Your assignment
Print the entries in full, word for word, but not the pictures.

Data for the task
───
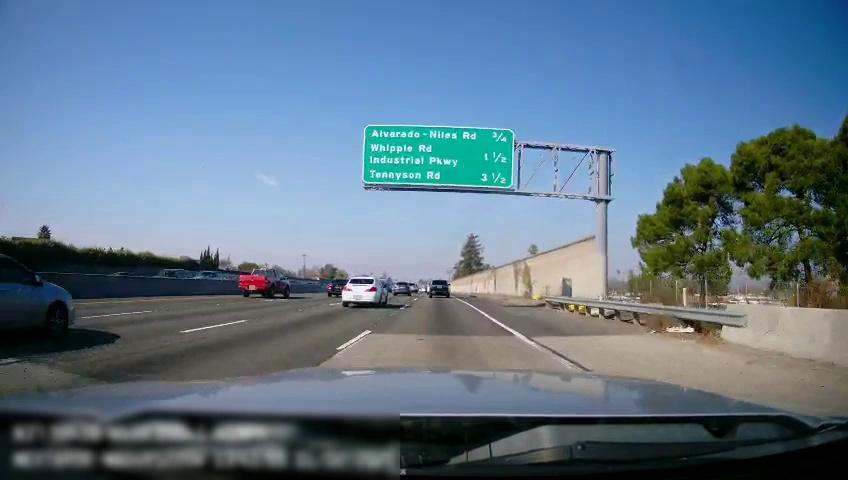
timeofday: Day
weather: Sunny
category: Drivable Space
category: Vehicles | SUV
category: Vehicles | SUV
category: Vehicles | SUV
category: Vehicles | Car
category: Vehicles | Car
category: Vehicles | Truck
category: Vehicles | Car
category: Lanes | Current Lane
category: Lanes | Current Lane
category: Lanes | Alternate Lane
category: Lanes | Alternate Lane
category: Lanes | Alternate Lane
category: Traffic | Signs
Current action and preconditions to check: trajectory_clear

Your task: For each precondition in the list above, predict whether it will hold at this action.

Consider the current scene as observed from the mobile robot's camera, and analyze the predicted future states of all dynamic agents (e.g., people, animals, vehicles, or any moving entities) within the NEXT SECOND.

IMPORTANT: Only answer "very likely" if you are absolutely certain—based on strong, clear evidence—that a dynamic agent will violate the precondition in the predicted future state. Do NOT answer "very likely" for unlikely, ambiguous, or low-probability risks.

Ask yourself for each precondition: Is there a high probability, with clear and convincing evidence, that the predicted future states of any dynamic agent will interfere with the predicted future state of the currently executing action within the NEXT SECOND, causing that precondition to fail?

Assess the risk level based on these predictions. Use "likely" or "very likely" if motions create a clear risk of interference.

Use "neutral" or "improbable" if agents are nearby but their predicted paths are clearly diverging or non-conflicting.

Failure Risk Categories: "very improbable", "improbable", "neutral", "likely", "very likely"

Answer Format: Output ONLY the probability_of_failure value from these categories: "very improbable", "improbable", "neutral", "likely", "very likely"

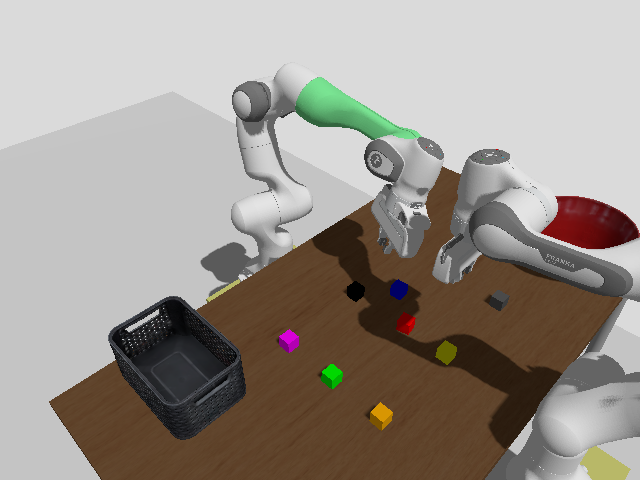

Answer: neutral
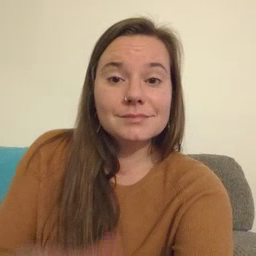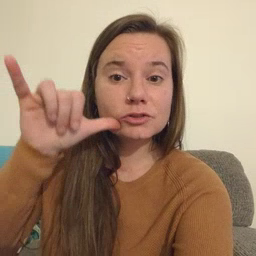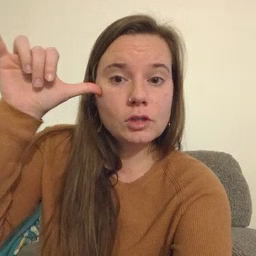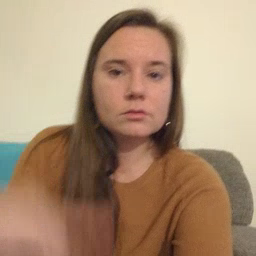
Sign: yesterday
───
Result for this exercise
timeofday: Day
weather: Sunny
category: Drivable Space
category: Vehicles | SUV
category: Vehicles | SUV
category: Vehicles | SUV
category: Vehicles | Car
category: Vehicles | Car
category: Vehicles | Truck
category: Vehicles | Car
category: Lanes | Current Lane
category: Lanes | Current Lane
category: Lanes | Alternate Lane
category: Lanes | Alternate Lane
category: Lanes | Alternate Lane
category: Traffic | Signs
Current action and preconditions to check: trajectory_clear

Your task: For each precondition in the list above, predict whether it will hold at this action.

Consider the current scene as observed from the mobile robot's camera, and analyze the predicted future states of all dynamic agents (e.g., people, animals, vehicles, or any moving entities) within the NEXT SECOND.

IMPORTANT: Only answer "very likely" if you are absolutely certain—based on strong, clear evidence—that a dynamic agent will violate the precondition in the predicted future state. Do NOT answer "very likely" for unlikely, ambiguous, or low-probability risks.

Ask yourself for each precondition: Is there a high probability, with clear and convincing evidence, that the predicted future states of any dynamic agent will interfere with the predicted future state of the currently executing action within the NEXT SECOND, causing that precondition to fail?

Assess the risk level based on these predictions. Use "likely" or "very likely" if motions create a clear risk of interference.

Use "neutral" or "improbable" if agents are nearby but their predicted paths are clearly diverging or non-conflicting.

Failure Risk Categories: "very improbable", "improbable", "neutral", "likely", "very likely"

Answer Format: Output ONLY the probability_of_failure value from these categories: "very improbable", "improbable", "neutral", "likely", "very likely"


Answer: neutral
Sign: yesterday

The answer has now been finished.